◆ **Exercise goal**
A faithful, complete transcript of the entries below, without pictures, should be returned.

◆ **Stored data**
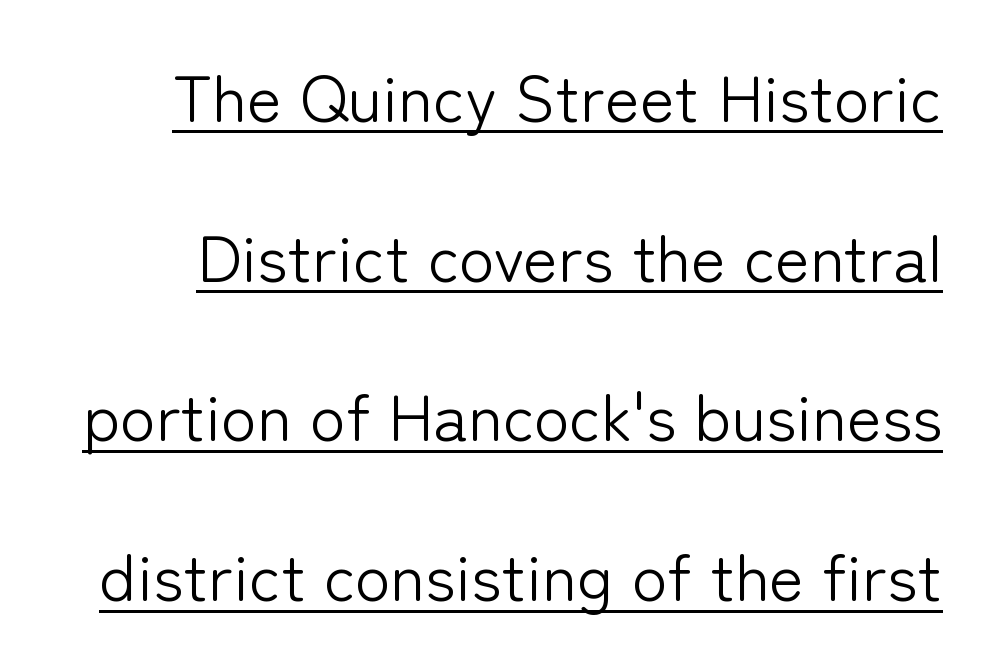
Q: Is the text bold? A: No.
Q: Is the text italic (slanted)? A: No, it is upright.
Q: Is the typeface a serif or a sans-serif typeface? A: Sans-serif.
Q: Is the text underlined? A: Yes.
Q: Is the spacing between letters normal or unusually wide? A: Normal.
Q: Is the spacing between lines tight, normal or loose? A: Loose.
Q: Width (condensed, normal, or wide)? A: Normal.
Q: Stroke contrast? A: Low.
Q: x-height? A: Medium.
Q: Monospaced? A: No.
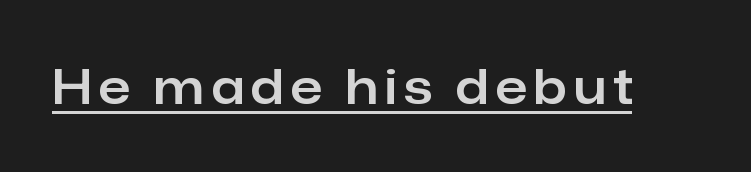
{"serif": "no", "italic": "no", "width": "normal", "stroke_contrast": "low", "x_height": "medium", "monospaced": "no", "underline": "yes", "glyph_px": 47}
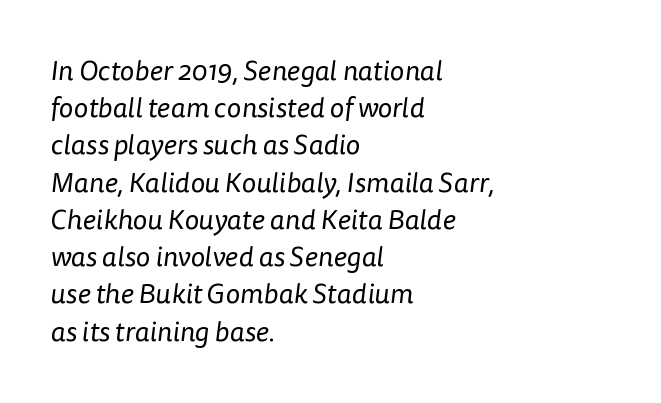
How are the letters spaced? Ordinarily, with no added tracking. Glance below the letters and you will spot only blank space. Vertical spacing — default. The typeface has the unassuming heft of standard copy or less. Looks like regular typesetting: each glyph gets only the width it needs. Are there feet on the stems? There aren't — it's a sans.
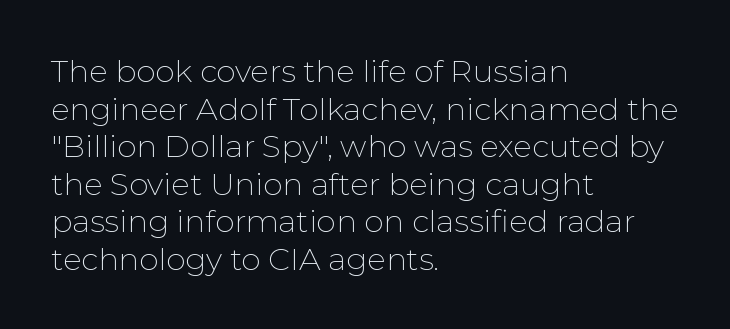
Q: Is the text bold? A: No.
Q: Is the text italic (slanted)? A: No, it is upright.
Q: Is the typeface a serif or a sans-serif typeface? A: Sans-serif.
Q: Is the text underlined? A: No.
Q: How is the paragraph aligned? A: Left-aligned.
Q: Is the spacing between letters normal or unusually wide? A: Normal.
Q: Width (condensed, normal, or wide)? A: Normal.
Q: Stroke contrast? A: Low.
Q: x-height? A: Medium.
Q: Monospaced? A: No.
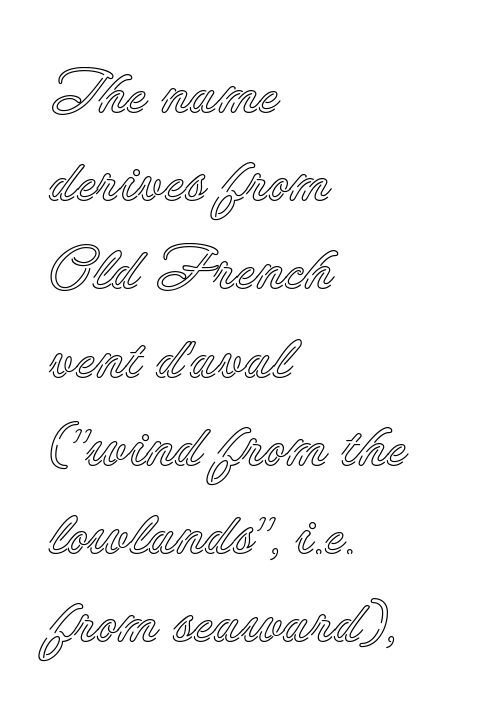
Q: Is the text italic (slanted)? A: Yes.
Q: Is the text underlined? A: No.
Q: How is the paragraph aligned? A: Left-aligned.
Q: Is the spacing between letters normal or unusually wide? A: Normal.
Q: Is the spacing between lines tight, normal or loose? A: Normal.
Q: Width (condensed, normal, or wide)? A: Normal.
Q: x-height? A: Small.
Q: Monospaced? A: No.
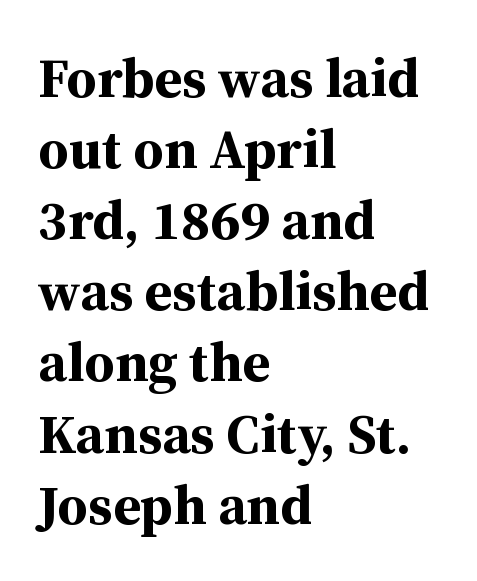
The image shows 56 px bold serif type, upright; set left-aligned, normal line spacing (1.27x), normal letter spacing, not underlined; medium stroke contrast and a medium x-height.
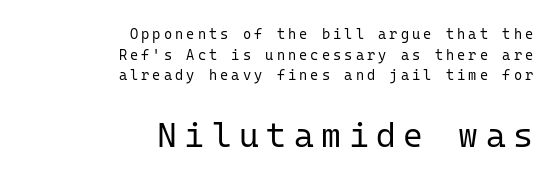
The image shows 34 px regular-weight sans-serif type, upright, monospaced; set right-aligned, normal line spacing (1.47x), unusually wide letter spacing (+0.22 em), not underlined; the second (bottom) block is 2.43x larger; low stroke contrast and a medium x-height.
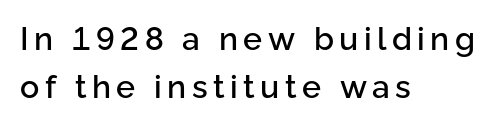
Q: Is the text italic (slanted)? A: No, it is upright.
Q: Is the typeface a serif or a sans-serif typeface? A: Sans-serif.
Q: Is the text underlined? A: No.
Q: How is the paragraph aligned? A: Left-aligned.
Q: Is the spacing between lines tight, normal or loose? A: Normal.
Q: Width (condensed, normal, or wide)? A: Normal.
Q: Stroke contrast? A: Low.
Q: x-height? A: Medium.
Q: Monospaced? A: No.
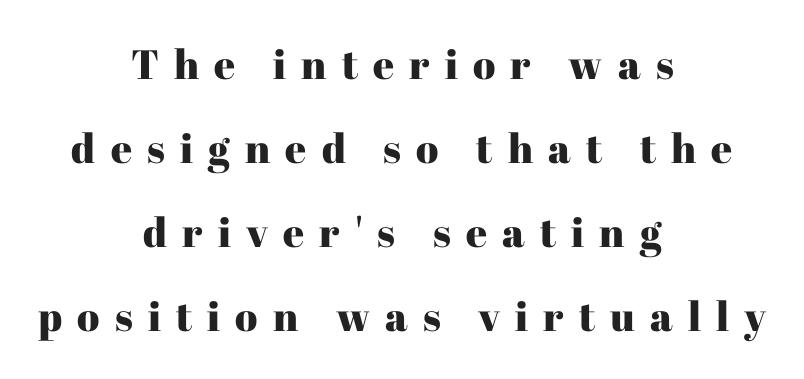
Q: Is the text italic (slanted)? A: No, it is upright.
Q: Is the typeface a serif or a sans-serif typeface? A: Serif.
Q: Is the text underlined? A: No.
Q: How is the paragraph aligned? A: Centered.
Q: Is the spacing between letters normal or unusually wide? A: Unusually wide.
Q: Is the spacing between lines tight, normal or loose? A: Loose.
Q: Width (condensed, normal, or wide)? A: Normal.
Q: Stroke contrast? A: High.
Q: x-height? A: Medium.
Q: Monospaced? A: No.
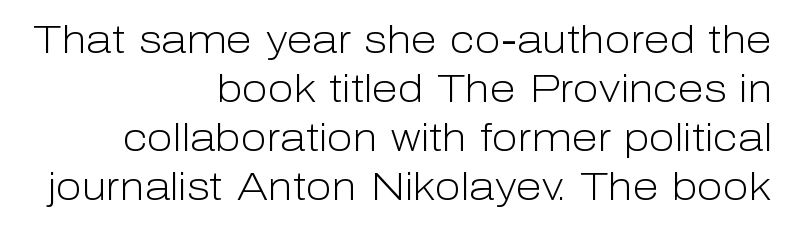
The image shows 38 px light sans-serif type, upright; set right-aligned, normal line spacing (1.29x), normal letter spacing, not underlined; low stroke contrast and a medium x-height.
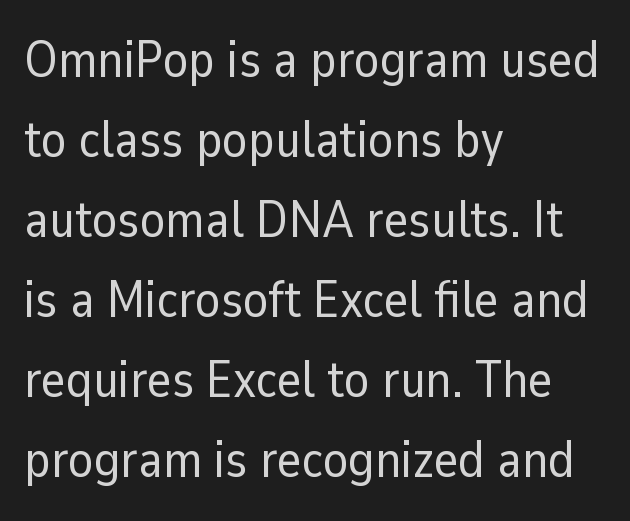
Q: Is the text bold? A: No.
Q: Is the text italic (slanted)? A: No, it is upright.
Q: Is the typeface a serif or a sans-serif typeface? A: Sans-serif.
Q: Is the text underlined? A: No.
Q: How is the paragraph aligned? A: Left-aligned.
Q: Is the spacing between letters normal or unusually wide? A: Normal.
Q: Is the spacing between lines tight, normal or loose? A: Normal.
Q: Width (condensed, normal, or wide)? A: Normal.
Q: Stroke contrast? A: Low.
Q: x-height? A: Medium.
Q: Monospaced? A: No.
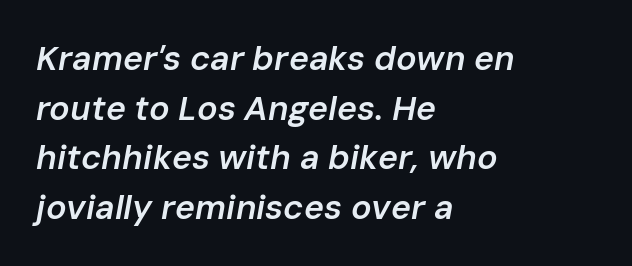
Proportional: the letters do not fall into vertical columns. The type is set solid horizontally, with unmodified tracking. Honestly, the row spacing looks completely unremarkable. The specimen reads as italic at a glance. Plain, unruled lines of type.
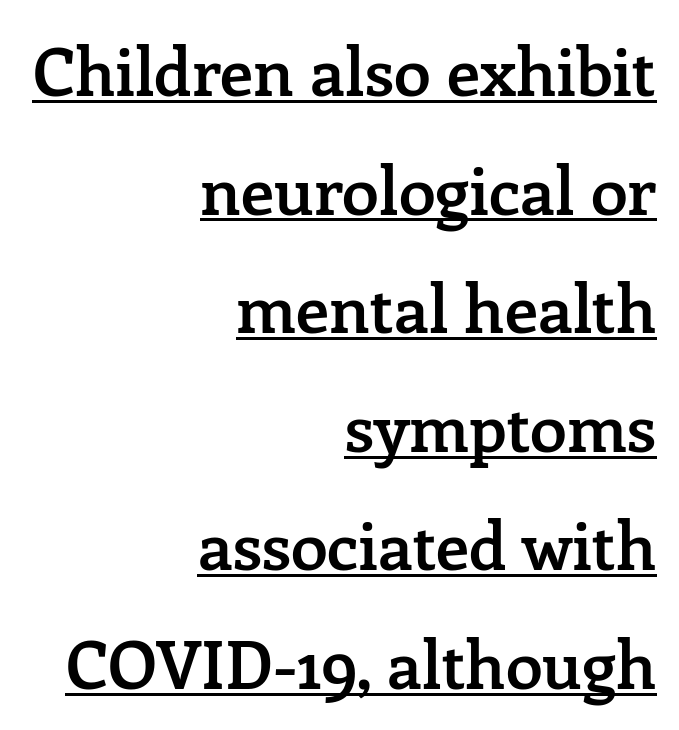
All the whitespace from short lines collects on the left. These characters rest on top of a visible drawn line. Varying glyph widths throughout — classic text-font behaviour. Observe the ordinary spacing: letters are neighbours, not strangers. The lettering holds an erect, upright posture throughout. These words are printed semibold, heavier than regular yet not bold.
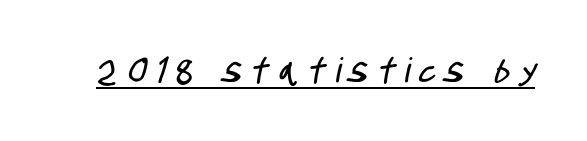
A continuous stroke trails under the words, as in a hyperlink. The face used here is proportionally spaced, like ordinary book or web type. Nothing sits at the stroke ends, so this counts as sans-serif. The rendering inserts visible extra space after every character.
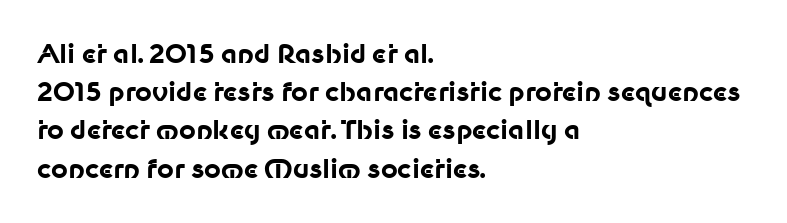
The image shows 26 px bold type, upright; set left-aligned, normal line spacing (1.47x), normal letter spacing, not underlined.
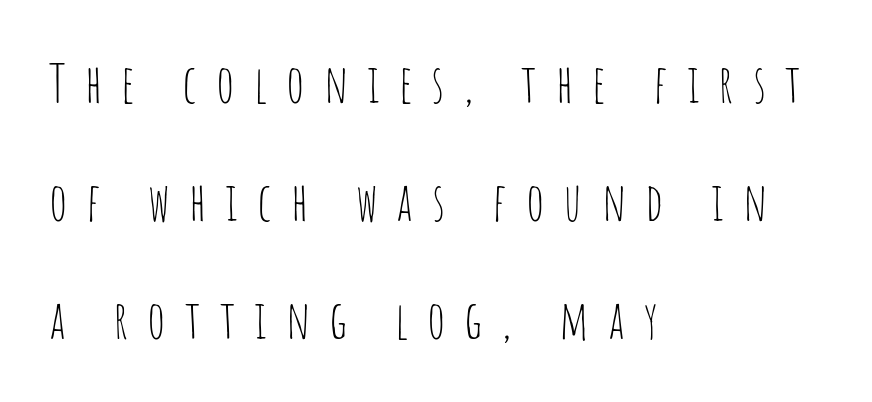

◆ **Response**
Q: Is the text bold? A: No.
Q: Is the text italic (slanted)? A: No, it is upright.
Q: Is the typeface a serif or a sans-serif typeface? A: Sans-serif.
Q: Is the text underlined? A: Yes.
Q: Is the spacing between letters normal or unusually wide? A: Normal.
Q: Is the spacing between lines tight, normal or loose? A: Loose.
Q: Width (condensed, normal, or wide)? A: Normal.
Q: Stroke contrast? A: Low.
Q: x-height? A: Medium.
Q: Monospaced? A: No.
{"serif": "no", "italic": "no", "width": "normal", "stroke_contrast": "low", "x_height": "medium", "monospaced": "no", "underline": "yes", "glyph_px": 47}
How are the letters spaced? Ordinarily, with no added tracking. Glance below the letters and you will spot only blank space. Vertical spacing — default. The typeface has the unassuming heft of standard copy or less. Looks like regular typesetting: each glyph gets only the width it needs. Are there feet on the stems? There aren't — it's a sans.
Q: Is the text bold? A: No.
Q: Is the text italic (slanted)? A: No, it is upright.
Q: Is the typeface a serif or a sans-serif typeface? A: Sans-serif.
Q: Is the text underlined? A: No.
Q: How is the paragraph aligned? A: Left-aligned.
Q: Is the spacing between letters normal or unusually wide? A: Normal.
Q: Width (condensed, normal, or wide)? A: Normal.
Q: Stroke contrast? A: Low.
Q: x-height? A: Medium.
Q: Monospaced? A: No.
Q: Is the text italic (slanted)? A: Yes.
Q: Is the text underlined? A: No.
Q: How is the paragraph aligned? A: Left-aligned.
Q: Is the spacing between letters normal or unusually wide? A: Normal.
Q: Is the spacing between lines tight, normal or loose? A: Normal.
Q: Width (condensed, normal, or wide)? A: Normal.
Q: x-height? A: Small.
Q: Monospaced? A: No.
The image shows 56 px bold serif type, upright; set left-aligned, normal line spacing (1.27x), normal letter spacing, not underlined; medium stroke contrast and a medium x-height.
The image shows 34 px regular-weight sans-serif type, upright, monospaced; set right-aligned, normal line spacing (1.47x), unusually wide letter spacing (+0.22 em), not underlined; the second (bottom) block is 2.43x larger; low stroke contrast and a medium x-height.
Q: Is the text italic (slanted)? A: No, it is upright.
Q: Is the typeface a serif or a sans-serif typeface? A: Sans-serif.
Q: Is the text underlined? A: No.
Q: How is the paragraph aligned? A: Left-aligned.
Q: Is the spacing between lines tight, normal or loose? A: Normal.
Q: Width (condensed, normal, or wide)? A: Normal.
Q: Stroke contrast? A: Low.
Q: x-height? A: Medium.
Q: Monospaced? A: No.
Q: Is the text italic (slanted)? A: No, it is upright.
Q: Is the typeface a serif or a sans-serif typeface? A: Serif.
Q: Is the text underlined? A: No.
Q: How is the paragraph aligned? A: Centered.
Q: Is the spacing between letters normal or unusually wide? A: Unusually wide.
Q: Is the spacing between lines tight, normal or loose? A: Loose.
Q: Width (condensed, normal, or wide)? A: Normal.
Q: Stroke contrast? A: High.
Q: x-height? A: Medium.
Q: Monospaced? A: No.
The image shows 38 px light sans-serif type, upright; set right-aligned, normal line spacing (1.29x), normal letter spacing, not underlined; low stroke contrast and a medium x-height.
Q: Is the text bold? A: No.
Q: Is the text italic (slanted)? A: No, it is upright.
Q: Is the typeface a serif or a sans-serif typeface? A: Sans-serif.
Q: Is the text underlined? A: No.
Q: How is the paragraph aligned? A: Left-aligned.
Q: Is the spacing between letters normal or unusually wide? A: Normal.
Q: Is the spacing between lines tight, normal or loose? A: Normal.
Q: Width (condensed, normal, or wide)? A: Normal.
Q: Stroke contrast? A: Low.
Q: x-height? A: Medium.
Q: Monospaced? A: No.
Proportional: the letters do not fall into vertical columns. The type is set solid horizontally, with unmodified tracking. Honestly, the row spacing looks completely unremarkable. The specimen reads as italic at a glance. Plain, unruled lines of type.
All the whitespace from short lines collects on the left. These characters rest on top of a visible drawn line. Varying glyph widths throughout — classic text-font behaviour. Observe the ordinary spacing: letters are neighbours, not strangers. The lettering holds an erect, upright posture throughout. These words are printed semibold, heavier than regular yet not bold.
A continuous stroke trails under the words, as in a hyperlink. The face used here is proportionally spaced, like ordinary book or web type. Nothing sits at the stroke ends, so this counts as sans-serif. The rendering inserts visible extra space after every character.
The image shows 26 px bold type, upright; set left-aligned, normal line spacing (1.47x), normal letter spacing, not underlined.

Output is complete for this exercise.